A edição de 30 de Março 2013 da New Scientist é dedicada aos mecanismos da asneira. Sob o título “Stupidity: What makes people do dumb things” o hebdomadário propõe-se mergulhar na súmula do conhecimento consagrada a medir a estupidez humana.
Afinal, de que estamos a falar? Se existisse um filão de estudos sobre a estupidez, Gustave Flaubert seria sem dúvida o seu pai e fundador. Escreve a New Scientist, era apaixonado pelo estudo da asneira entre os seus contemporâneos e via em todos os lugares de fofoca cursos universitários de classe média sobre o tema. Nem mesmo Voltaire escapou ao seu olhar crítico. Possuído pela sua obsessão, Flaubert dedicou os últimos anos da sua vida a coleccionar milhares de exemplos de estupidez no seu Dictionnaire des idées reçues (ou Catalogue des opinions chics).
Depois de Flaubert, os paradoxos da inteligência têm sido estudados cientificamente, através de experiências de psicologia pelo Prémio Nobel da Economia Daniel Kahneman e pelo seu colega Amos Tversky. Os dois investigadores mostraram que o cérebro humano utiliza dois circuitos para tratar a informação: um pelo qual se mede o QI, a inteligência racional, e outro, a intuição.
Os mecanismos intuitivos são certos utilitários que nos ajudam a ganhar tempo, mas que nos expõem ao erro de avaliação: o estereotipo, o viés da confirmação ou a resistência à ambiguidade fazem parte dos perigos que lhes estão associados. Daí a incapacidade humana para avaliar adequadamente o risco (sobrestimamos as nossas possibilidades de ganhar e subestimamos os riscos de fracassar) ou para fazer escolhas racionais em assuntos de dinheiro.

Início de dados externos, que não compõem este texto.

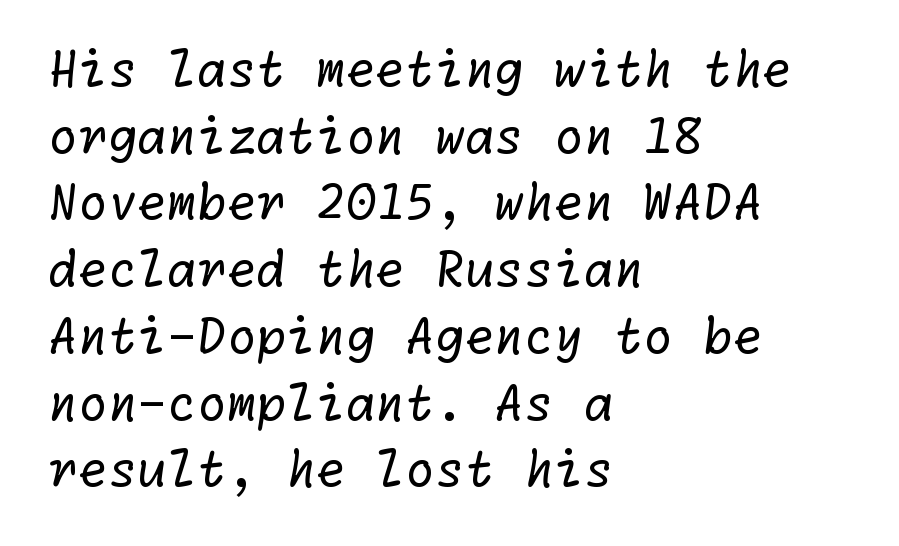
{"serif": "no", "bold": "no", "weight": "regular", "width": "normal", "stroke_contrast": "low", "x_height": "medium", "underline": "no", "align": "left", "line_spacing": "normal", "line_spacing_ratio": 1.39, "letter_spacing": "normal", "letter_spacing_em": 0.0, "glyph_px": 48}

Tversky e Kahneman mostraram num caso particular, quando se faz girar uma roleta em frente aos individuos a testar e se lhes mostra o resultado aleatório (por exemplo 60), se lhes for pedido, a seguir, para calcular o número de países africanos da ONU, baseiam a sua resposta no valor do resultado da roleta, embora saibam que é evidente que este número não tem nada a ver com a questão. É o viés da âncora ou a faculdade das pessoas em agarrarem-se a comparações entre dados arbitrários para justificar um cálculo.
Como lembrava Jonah Lehrer no New Yorker, a propósito dos estudos de Kahneman e Tversky, as pessoas utilizam atalhos mentais que não são propriamente uma maneira de favorecer a evolução rápida da matemática, mas antes um meio de contornar pura e simplesmente as razões matemáticas.
Voltando à literatura, a medição da inteligência, o famoso teste do QI, tinha pouco a ver com o tipo de comportamentos irracionais e ilógicos que tanto enervavam Flaubert. E as experiências realizadas entre 1990 e 2000 mostraram, senão uma ausência de ligação entre QI e o êxito nestes testes, uma correlação entre a inteligência e... o erro de avaliação.
As pessoas inteligentes matavam-se na guerra, segundo um estudo realizado após a Segunda Grande Guerra Mundial, e a gestão da estupidez pode encorajar ao nível colectivo erros gravíssimos em organizações reputadas inteligentes, como os bancos ou os gabinetes de recursos humanos, que só recrutam assalariados de potencial intelectual elevado. Os indivíduos inteligentes no sentido do teste do QI não estão, por conseguinte, isentos destes vieses cognitivos, depois de décadas de trabalhos desmistificadores que levaram o próprio Kahneman a confessar ter melhorado significativamente as suas capacidades mentais.
O investigador de ciências cognitivas Keith Stanovich da Universidade de Toronto propôs um teste alternativo ao QI, o teste do quociente racional. Segundo este teste, o que pode levar o ser humano mais desconfiado face aos seus próprios erros de avaliação e, portanto, a tornar-se mais racional, é a metacognição ou a capacidade de reconhecer os limites do seu próprio saber e das suas próprias certezas. Por exemplo, imaginar a resposta contra-intuitiva a uma questão antes de dar a sua própria resposta.
A conclusão provocante destes estudos é que não há finalmente nada de surpreendente que as pessoas inteligentes sejam muitas vezes vítimas do viés da confirmação ou de avaliações irracionais. O conhecimento desta questão é sem dúvida o tema menos partilhado entre as élites.
Ligações: Stupidity: What makes people do dumb things [New Scientist]; Time to get smarter about stupidity [New Scientist]; Flaubert, l'empire de la bêtise [France Culture]; Why Smart People Are Stupid [The New Yorker]; Smart Organizations Should Also Be Stupid, According to New Theory [Science Daily]; A Stupidity-Based Theory of Organizations [Journal of Management Studies].